Exercise prompt: Skip the pictures and give back the rest of the listing exactly.

Dataset extract:
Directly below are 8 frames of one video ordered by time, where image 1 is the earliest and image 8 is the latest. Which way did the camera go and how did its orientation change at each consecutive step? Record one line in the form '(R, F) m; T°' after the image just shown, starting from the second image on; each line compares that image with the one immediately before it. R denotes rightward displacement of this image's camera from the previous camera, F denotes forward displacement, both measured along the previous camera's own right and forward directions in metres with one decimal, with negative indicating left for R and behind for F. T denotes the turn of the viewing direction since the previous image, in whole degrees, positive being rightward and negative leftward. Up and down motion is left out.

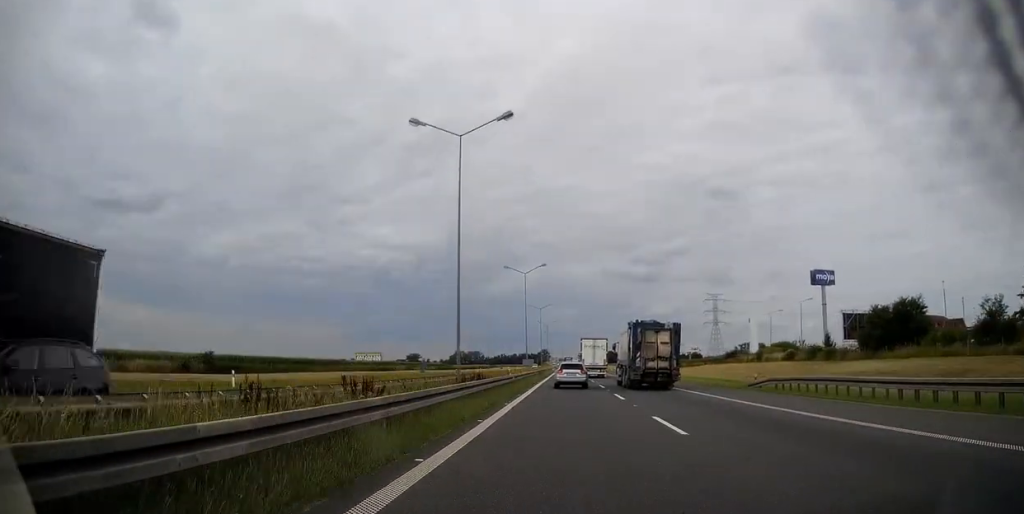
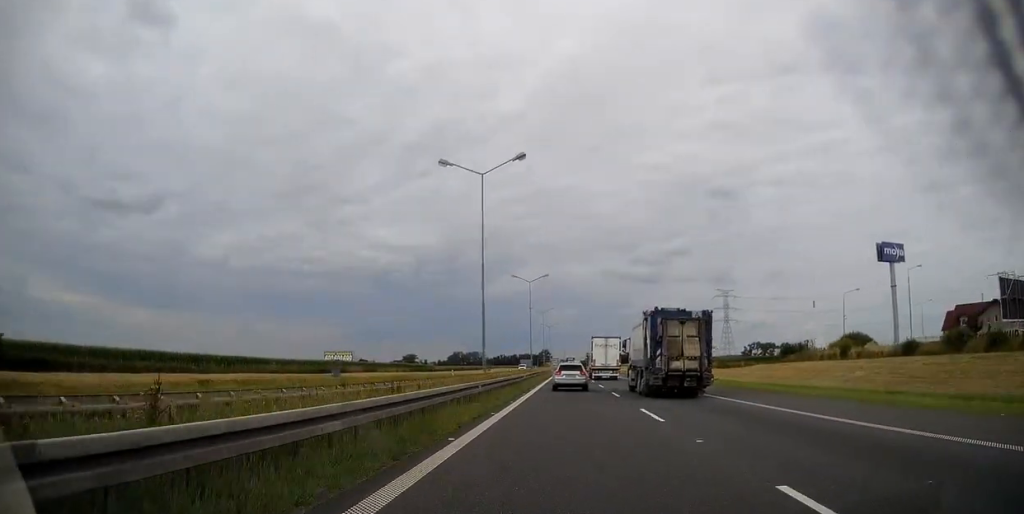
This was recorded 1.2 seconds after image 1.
(+0.3, +33.5) m; 0°
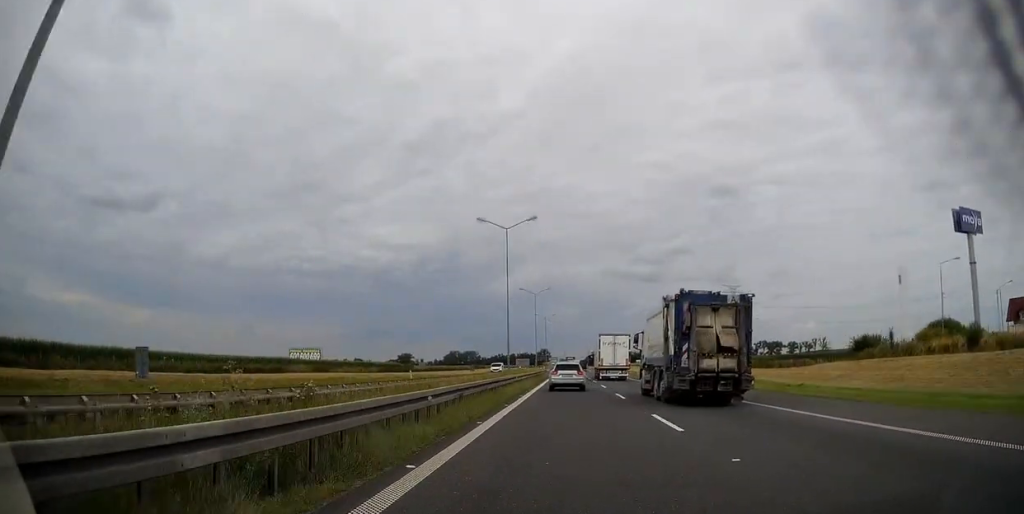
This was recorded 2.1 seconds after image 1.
(-0.1, +25.6) m; 0°
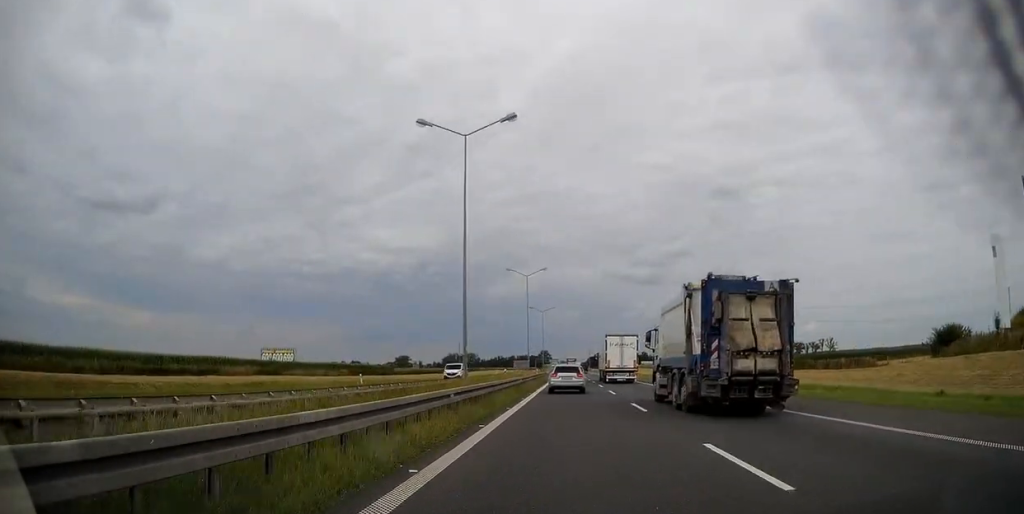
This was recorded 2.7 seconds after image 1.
(0.0, +18.0) m; 0°
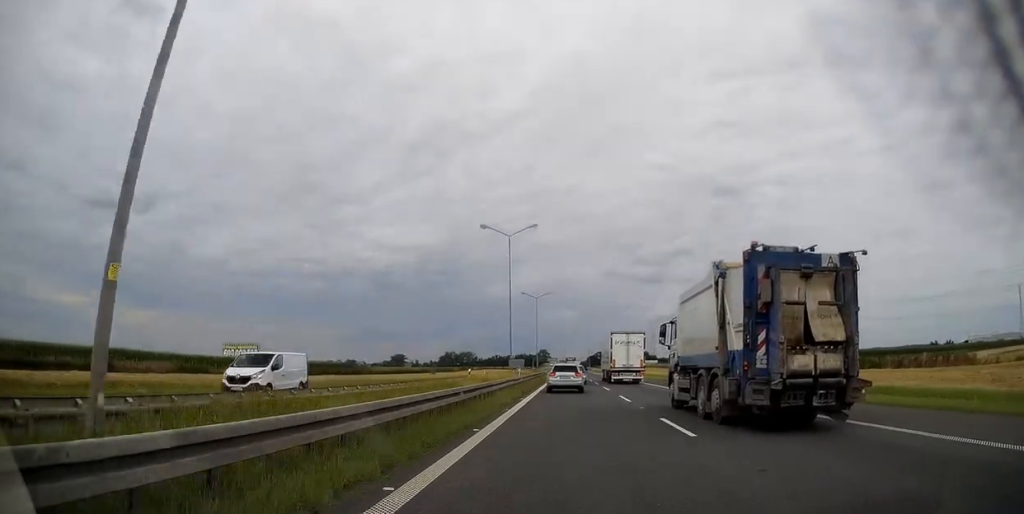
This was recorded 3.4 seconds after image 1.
(0.0, +18.9) m; 0°
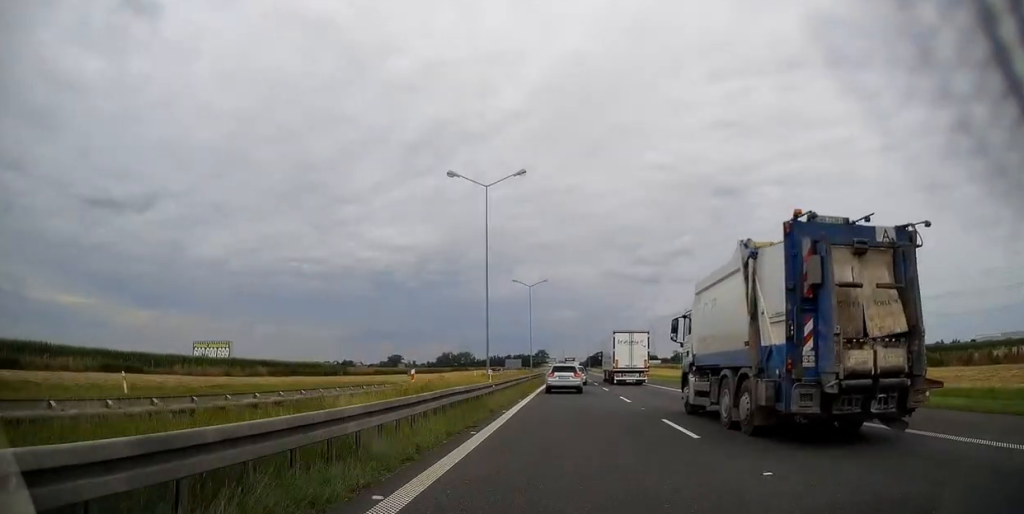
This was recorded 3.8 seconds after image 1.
(0.0, +12.3) m; 0°
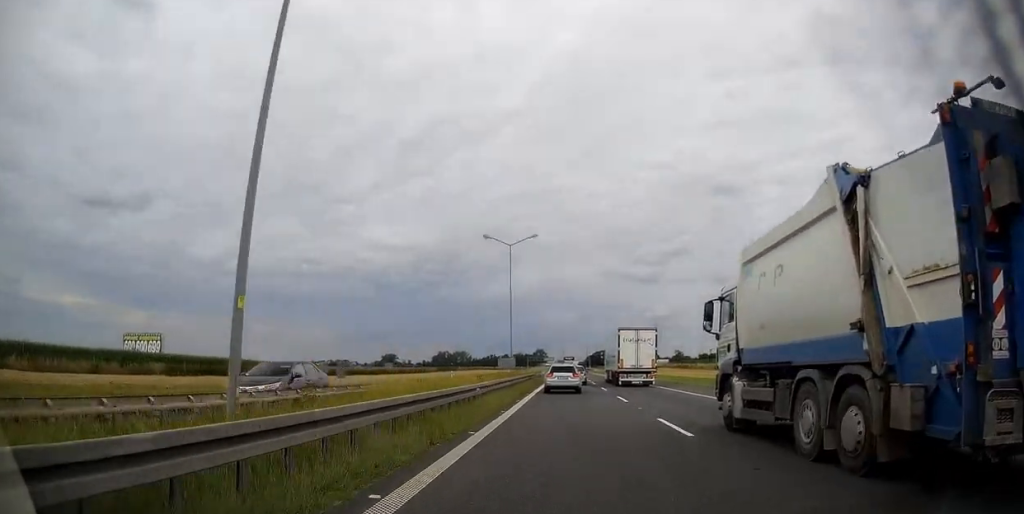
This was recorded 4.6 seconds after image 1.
(+0.1, +23.8) m; 0°
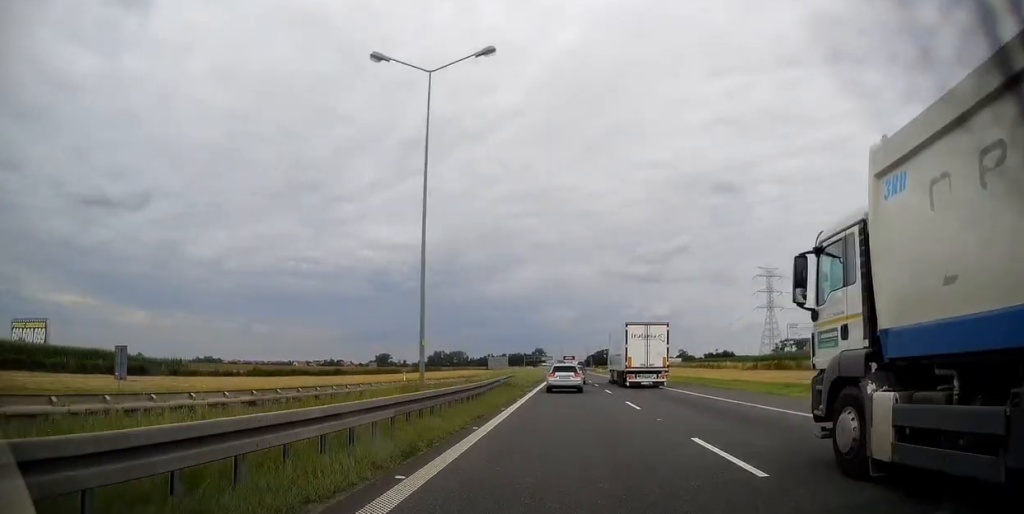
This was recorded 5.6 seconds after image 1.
(+0.1, +28.8) m; 0°
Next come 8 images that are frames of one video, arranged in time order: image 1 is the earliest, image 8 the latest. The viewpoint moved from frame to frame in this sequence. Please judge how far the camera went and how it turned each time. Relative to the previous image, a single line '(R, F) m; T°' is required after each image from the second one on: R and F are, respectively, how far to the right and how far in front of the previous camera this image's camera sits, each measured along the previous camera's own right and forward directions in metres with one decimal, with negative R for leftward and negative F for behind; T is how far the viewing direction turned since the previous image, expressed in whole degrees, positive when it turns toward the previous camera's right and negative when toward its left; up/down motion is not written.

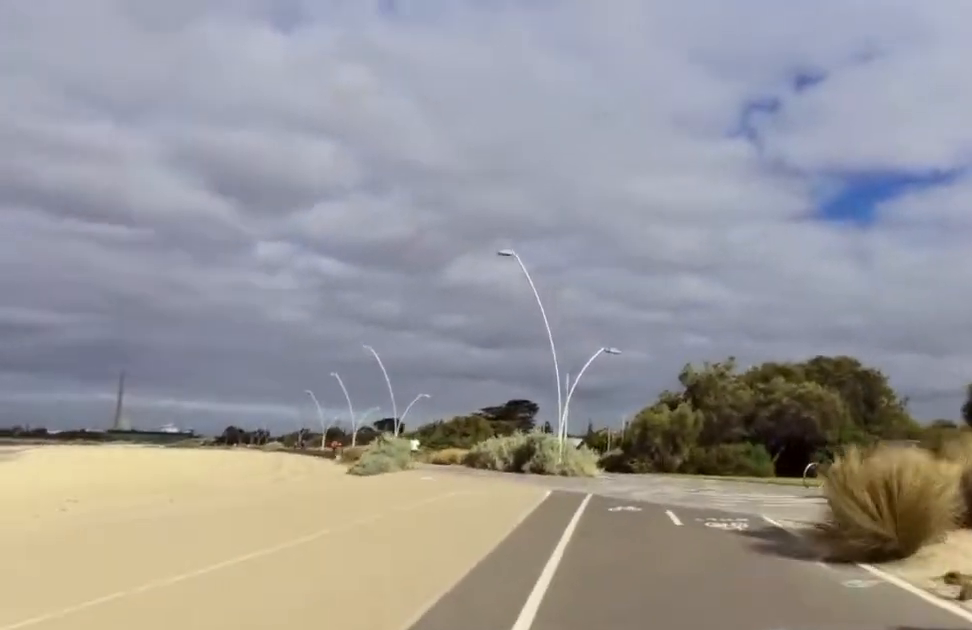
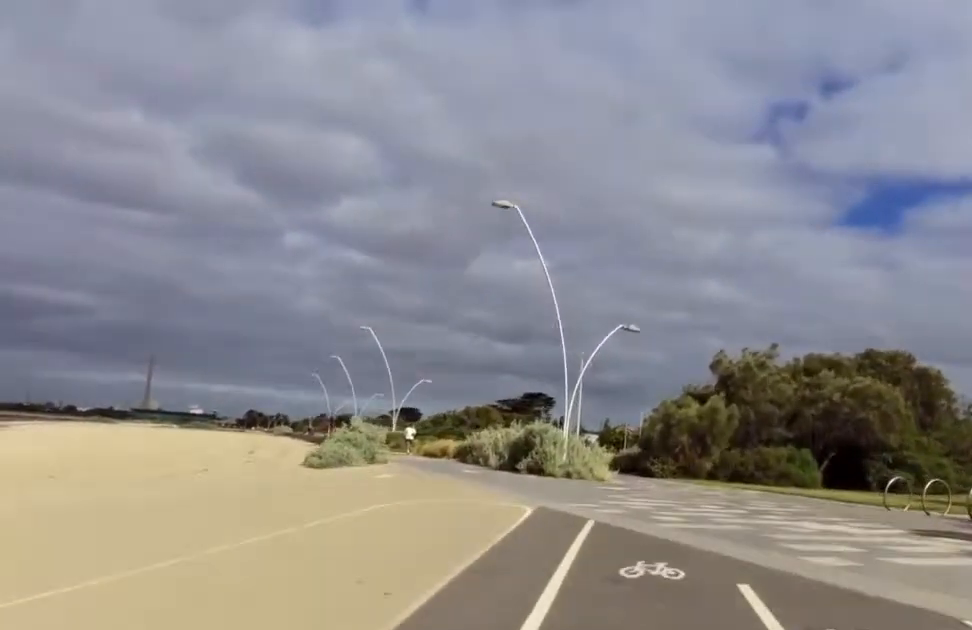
(-0.8, +6.1) m; -6°
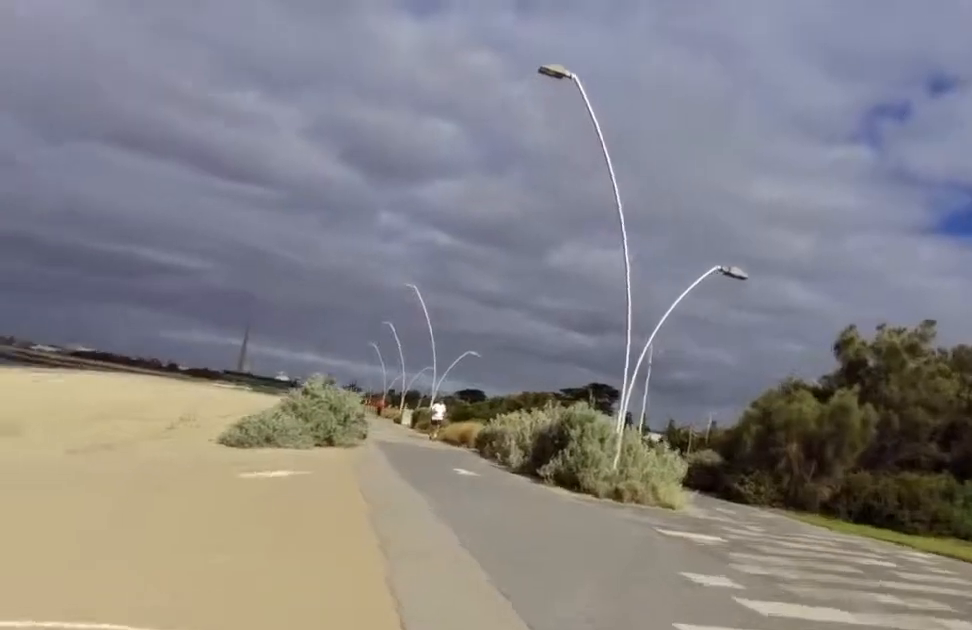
(-0.5, +9.5) m; -13°
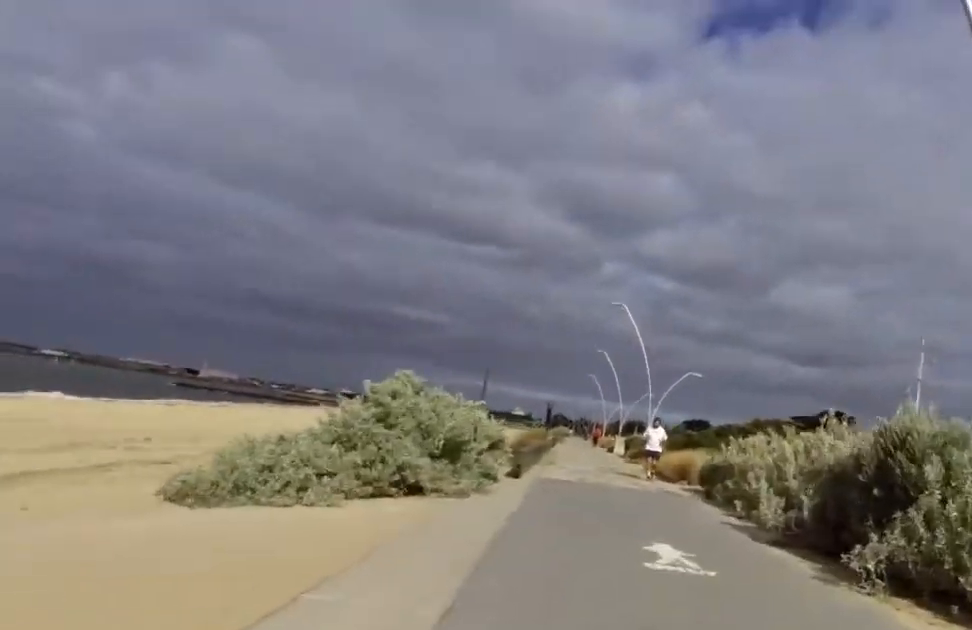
(-1.7, +8.9) m; -13°
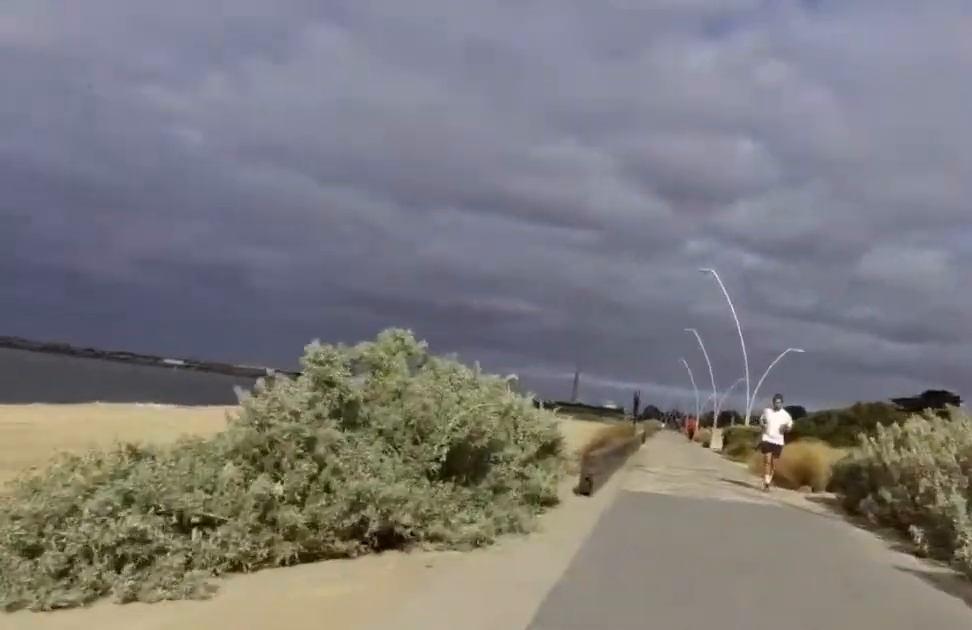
(0.0, +3.8) m; 0°
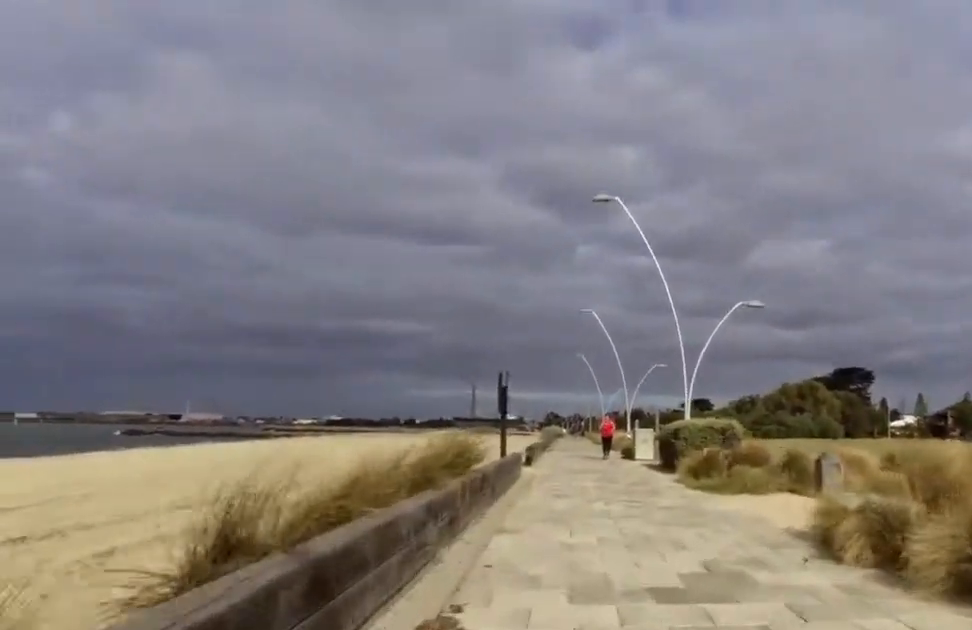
(-0.1, +13.6) m; +11°
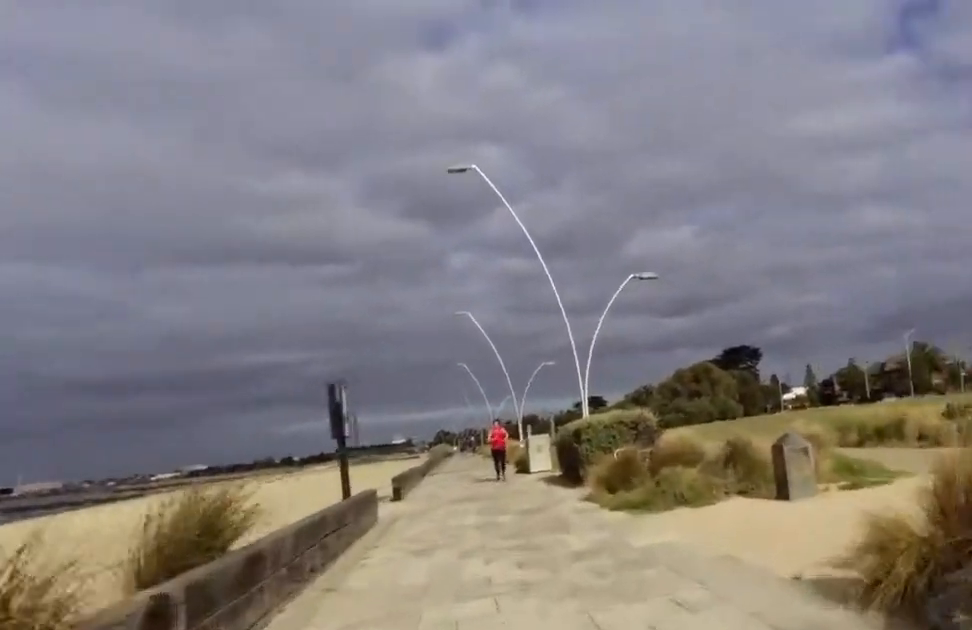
(+0.5, +3.3) m; +14°
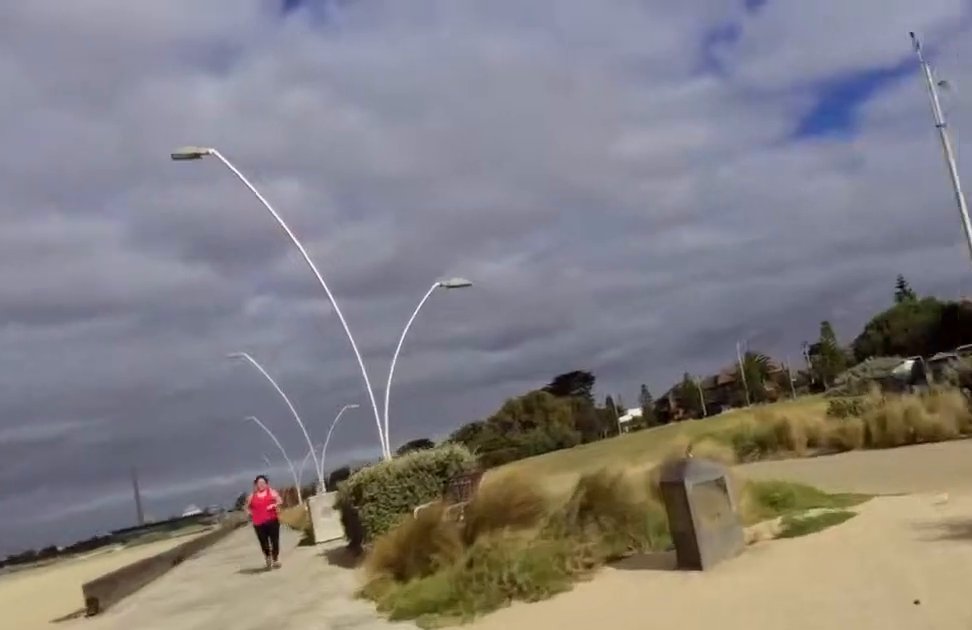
(+0.8, +3.8) m; +12°

The answer:
Directly below are 8 frames of one video ordered by time, where image 1 is the earliest and image 8 is the latest. Which way did the camera go and how did its orientation change at each consecutive step? Record one line in the form '(R, F) m; T°' after the image just shown, starting from the second image on; each line compares that image with the one immediately before it. R denotes rightward displacement of this image's camera from the previous camera, F denotes forward displacement, both measured along the previous camera's own right and forward directions in metres with one decimal, with negative indicating left for R and behind for F. T denotes the turn of the viewing direction since the previous image, in whole degrees, positive being rightward and negative leftward. Up and down motion is left out.

This was recorded 1.2 seconds after image 1.
(+0.3, +33.5) m; 0°
This was recorded 2.1 seconds after image 1.
(-0.1, +25.6) m; 0°
This was recorded 2.7 seconds after image 1.
(0.0, +18.0) m; 0°
This was recorded 3.4 seconds after image 1.
(0.0, +18.9) m; 0°
This was recorded 3.8 seconds after image 1.
(0.0, +12.3) m; 0°
This was recorded 4.6 seconds after image 1.
(+0.1, +23.8) m; 0°
This was recorded 5.6 seconds after image 1.
(+0.1, +28.8) m; 0°
Next come 8 images that are frames of one video, arranged in time order: image 1 is the earliest, image 8 the latest. The viewpoint moved from frame to frame in this sequence. Please judge how far the camera went and how it turned each time. Relative to the previous image, a single line '(R, F) m; T°' is required after each image from the second one on: R and F are, respectively, how far to the right and how far in front of the previous camera this image's camera sits, each measured along the previous camera's own right and forward directions in metres with one decimal, with negative R for leftward and negative F for behind; T is how far the viewing direction turned since the previous image, expressed in whole degrees, positive when it turns toward the previous camera's right and negative when toward its left; up/down motion is not written.

(-0.8, +6.1) m; -6°
(-0.5, +9.5) m; -13°
(-1.7, +8.9) m; -13°
(0.0, +3.8) m; 0°
(-0.1, +13.6) m; +11°
(+0.5, +3.3) m; +14°
(+0.8, +3.8) m; +12°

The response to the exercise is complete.